§ **Extracted entries**
((
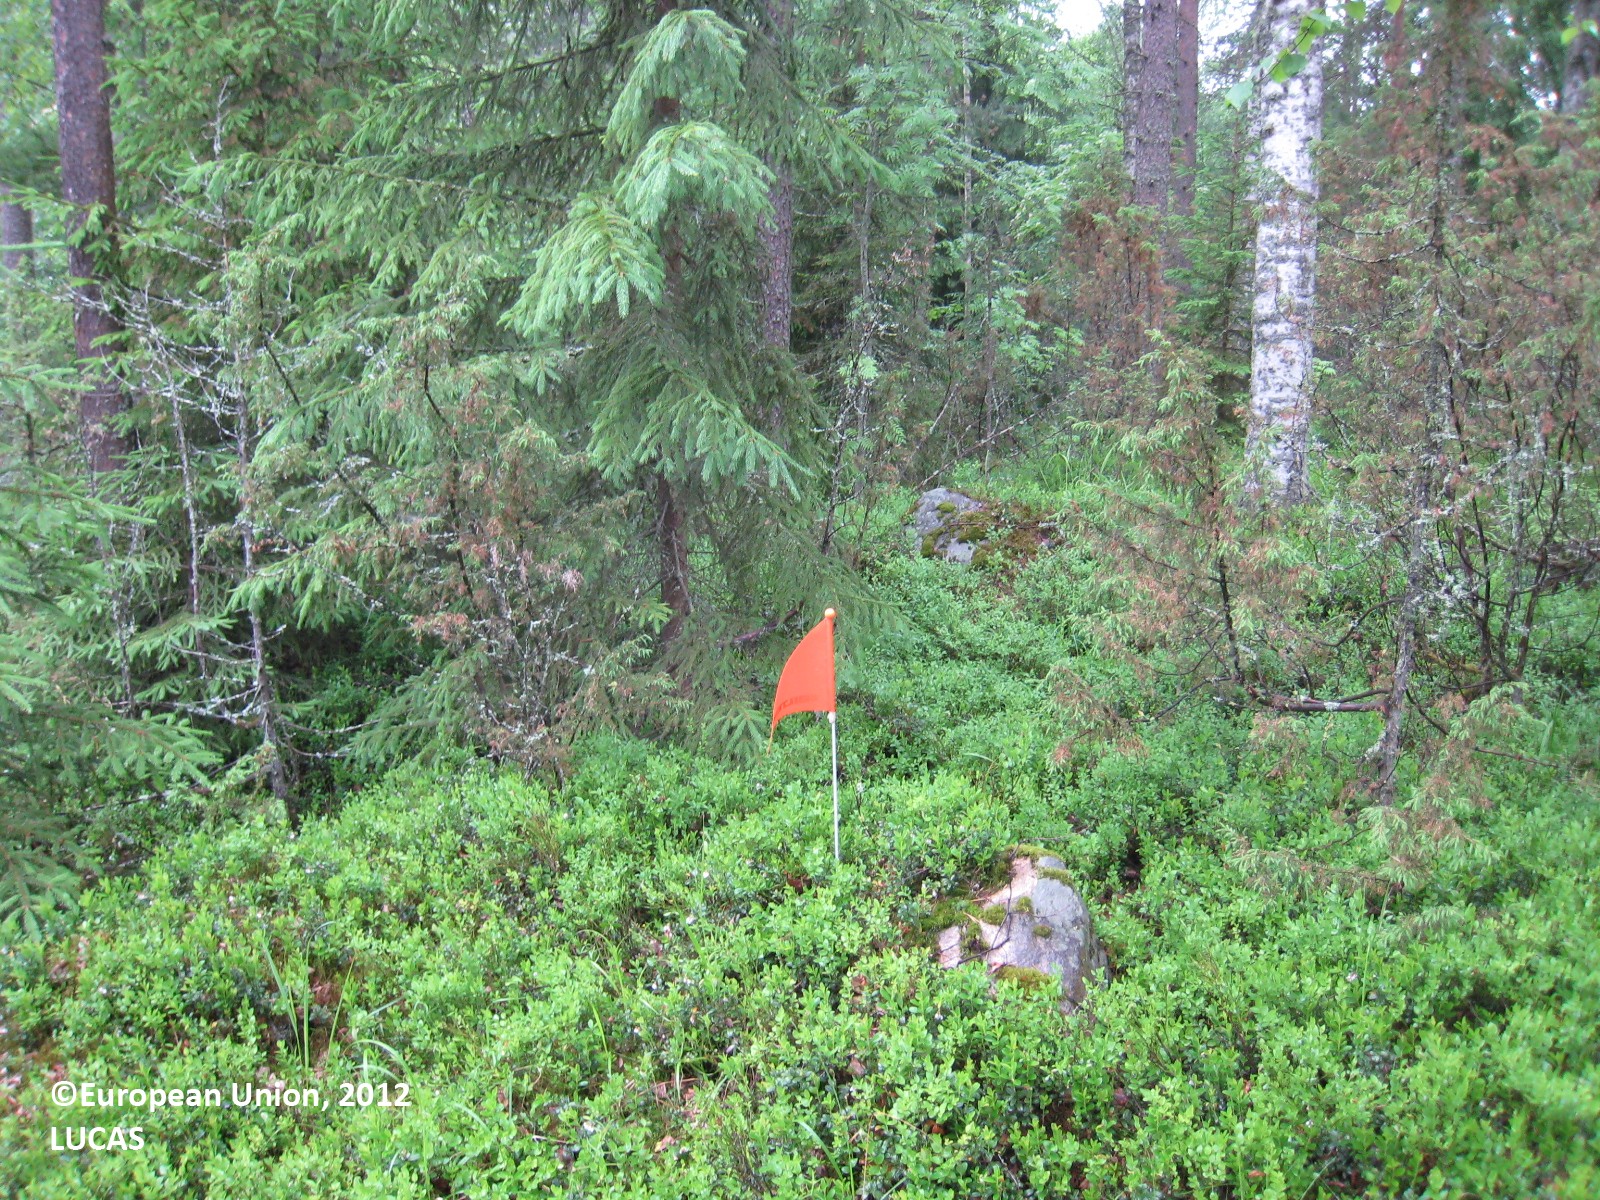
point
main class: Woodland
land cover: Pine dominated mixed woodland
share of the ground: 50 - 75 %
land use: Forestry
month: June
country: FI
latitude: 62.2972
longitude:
))
§ **Problem description**
Copy every line above word for word and exclude the pictures.

§ **Response area**
point
main class: Woodland
land cover: Pine dominated mixed woodland
share of the ground: 50 - 75 %
land use: Forestry
month: June
country: FI
latitude: 62.2972
longitude:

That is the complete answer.